History
St. Teresa’s Day on October 15th has historically been celebrated throughout the centuries with an egg yolk sweet—yemas! This candied egg treat is said to have been a result of the Spanish cultural tradition of making sherry and wine, a popular culinary delight in Avila, where St. Teresa was from. The production of this sherry and wine often called for egg whites to be used during the refining and clarifying process. The remaining egg yolks were then given to local convents or monasteries to use in their baked goods and sweets.
You might think that with her aristocratic background and eventual lauded position within the Church, Teresa wouldn’t have spent much time in the kitchen making treats like this. But you’d be wrong! Even when she was the head of her order, it was said that she made sure to take her turn cooking and baking and encouraged her other sisters to do so as well. This could have partially been the result of her emphasis on nuns living down-to-earth lives, not separate from the woes and perils of this world. It could also have been related to her advocacy for perpetual abstinence from meat. After all, it must have taken some work to continue to derive tasty recipes mainly based on the foundations of bread and eggs. Whatever the reason, Teresa’s dedication to the kitchen is clear, with tradition even remembering her saying the phrase, “The Lord walks among the pots and the pans!”
Yemas de Santa Teresa
Rich and creamy, yemas consist of a simple recipe of egg yolks, sugar, water, and more sugar. While they might seem like an unusual candied treat, they make a wonderful snack or addition to a larger cookie platter. Variations of the below recipe include adding a dash of cinnamon or chopped nuts. The delicacy continues to be a speciality within the pastry shops of Spain, and the treat can certainly attribute its rich history to the popularity of this sixteenth century saint!
Ingredients
3 oz water
1/2 cup sugar
peel from 1/2 lemon
6 egg yolks
powdered sugar
Instructions
- Put water, sugar, and lemon peel into a small saucepan. Bring the water to a boil while dissolving the sugar and let the mixture cook until it starts to ball up, around 238 degrees. Remove the lemon peel from the sugar concoction and pour into a bowl, covering it to keep it hot.

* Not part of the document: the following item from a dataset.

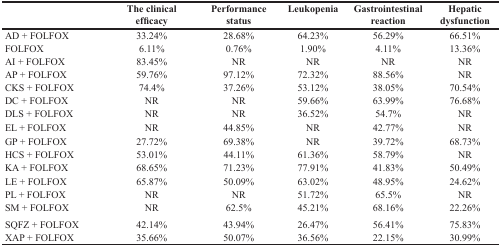
<table><thead><tr><td></td><td><b>The clinical efficacy</b></td><td><b>Performance status</b></td><td><b>Leukopenia</b></td><td><b>Gastrointestinal reaction</b></td><td><b>Hepatic dysfunction</b></td></tr></thead><tbody><tr><td>AD + FOLFOX</td><td>33.24%</td><td>28.68%</td><td>64.23%</td><td>56.29%</td><td>66.51%</td></tr><tr><td>FOLFOX</td><td>6.11%</td><td>0.76%</td><td>1.90%</td><td>4.11%</td><td>13.36%</td></tr><tr><td>AI + FOLFOX</td><td>83.45%</td><td>NR</td><td>NR</td><td>NR</td><td>NR</td></tr><tr><td>AP + FOLFOX</td><td>59.76%</td><td>97.12%</td><td>72.32%</td><td>88.56%</td><td>NR</td></tr><tr><td>CKS + FOLFOX</td><td>74.4%</td><td>37.26%</td><td>53.12%</td><td>38.05%</td><td>70.54%</td></tr><tr><td>DC + FOLFOX</td><td>NR</td><td>NR</td><td>59.66%</td><td>63.99%</td><td>76.68%</td></tr><tr><td>DLS + FOLFOX</td><td>NR</td><td>NR</td><td>36.52%</td><td>54.7%</td><td>NR</td></tr><tr><td>EL + FOLFOX</td><td>NR</td><td>44.85%</td><td>NR</td><td>42.77%</td><td>NR</td></tr><tr><td>GP + FOLFOX</td><td>27.72%</td><td>69.38%</td><td>NR</td><td>39.72%</td><td>68.73%</td></tr><tr><td>HCS + FOLFOX</td><td>53.01%</td><td>44.11%</td><td>61.36%</td><td>58.79%</td><td>NR</td></tr><tr><td>KA + FOLFOX</td><td>68.65%</td><td>71.23%</td><td>77.91%</td><td>41.83%</td><td>50.49%</td></tr><tr><td>LE + FOLFOX</td><td>65.87%</td><td>50.09%</td><td>63.02%</td><td>48.95%</td><td>24.62%</td></tr><tr><td>PL + FOLFOX</td><td>NR</td><td>NR</td><td>51.72%</td><td>65.5%</td><td>NR</td></tr><tr><td>SM + FOLFOX</td><td>NR</td><td>62.5%</td><td>45.21%</td><td>68.16%</td><td>22.26%</td></tr><tr><td>SQFZ + FOLFOX</td><td>42.14%</td><td>43.94%</td><td>26.47%</td><td>56.41%</td><td>75.83%</td></tr><tr><td>XAP + FOLFOX</td><td>35.66%</td><td>50.07%</td><td>36.56%</td><td>22.15%</td><td>30.99%</td></tr></tbody></table>

- In a small bowl, separate the yolks from the whites and beat the egg yolks until they are a consistent liquid. Pour the beaten yolks into the empty saucepan and then re-add the sugar mixture back in, stirring constantly. Put the saucepan on low heat and stir the mixture continuously with a whisk until the yolks begin to solidify—up to 10 minutes. You’ll know when you can remove it from the heat as soon as you see the mixture pull away from the sides and bottom of the pan.

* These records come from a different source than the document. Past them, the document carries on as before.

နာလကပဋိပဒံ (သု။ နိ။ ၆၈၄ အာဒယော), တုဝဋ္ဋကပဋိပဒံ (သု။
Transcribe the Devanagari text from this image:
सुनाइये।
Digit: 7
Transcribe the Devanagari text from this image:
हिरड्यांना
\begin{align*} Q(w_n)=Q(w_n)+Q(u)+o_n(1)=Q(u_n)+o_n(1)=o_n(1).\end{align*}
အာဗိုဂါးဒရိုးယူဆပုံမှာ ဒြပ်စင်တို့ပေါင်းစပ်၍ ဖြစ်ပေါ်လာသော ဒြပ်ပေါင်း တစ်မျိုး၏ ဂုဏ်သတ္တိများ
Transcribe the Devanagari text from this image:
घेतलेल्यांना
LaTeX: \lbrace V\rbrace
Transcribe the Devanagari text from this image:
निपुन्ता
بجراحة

- Remove the pan from the heat and spoon the mixture onto a plate in one lump. Allow it to cool.
- After it has cooled, sprinkle powdered sugar through a sieve onto your countertop. Place the yolk mixture on top and roll it around in the sugar. Pinch off a small pit of the yolks, about the size of a ping pong ball, and roll it into a ball. Roll the ball in more powdered sugar to cover it.
- Chill the yemas in a fridge until you’re ready to serve them. The powdered sugar should form a thin crust on the outside of the ball as it cools.
Yemas de Santa Teresa
Ingredients
- 3 oz water
- ½ C sugar
- ½ lemon peel
- 6 egg yolks
- powdered sugar
Instructions
- Put water, sugar, and lemon peel into a small saucepan. Bring the water to a boil while dissolving the sugar and let the mixture cook until it starts to ball up, around 238°F. Remove the lemon peel from the sugar concoction and pour into a bowl, covering it to keep it hot.
- In a small bowl, separate the yolks from the whites and beat the egg yolks until they are a consistent liquid. Pour the beaten yolks into the empty saucepan and then re-add the sugar mixture back in, stirring constantly. Put the saucepan on low heat and stir the mixture continuously with a whisk until the yolks begin to solidify—up to 10 minutes. You’ll know when you can remove it from the heat as soon as you see the mixture pull away from the sides and bottom of the pan.
- Remove the pan from the heat and spoon the mixture onto a plate in one lump. Allow it to cool.
- After it has cooled, sprinkle powdered sugar through a sieve onto your countertop. Place the yolk mixture on top and roll it around in the sugar. Pinch off a small pit of the yolks, about the size of a ping pong ball, and roll it into a ball. Roll the ball in more powdered sugar to cover it.
- Chill the yemas in a fridge until you’re ready to serve them. The powdered sugar should form a thin crust on the outside of the ball as it cools.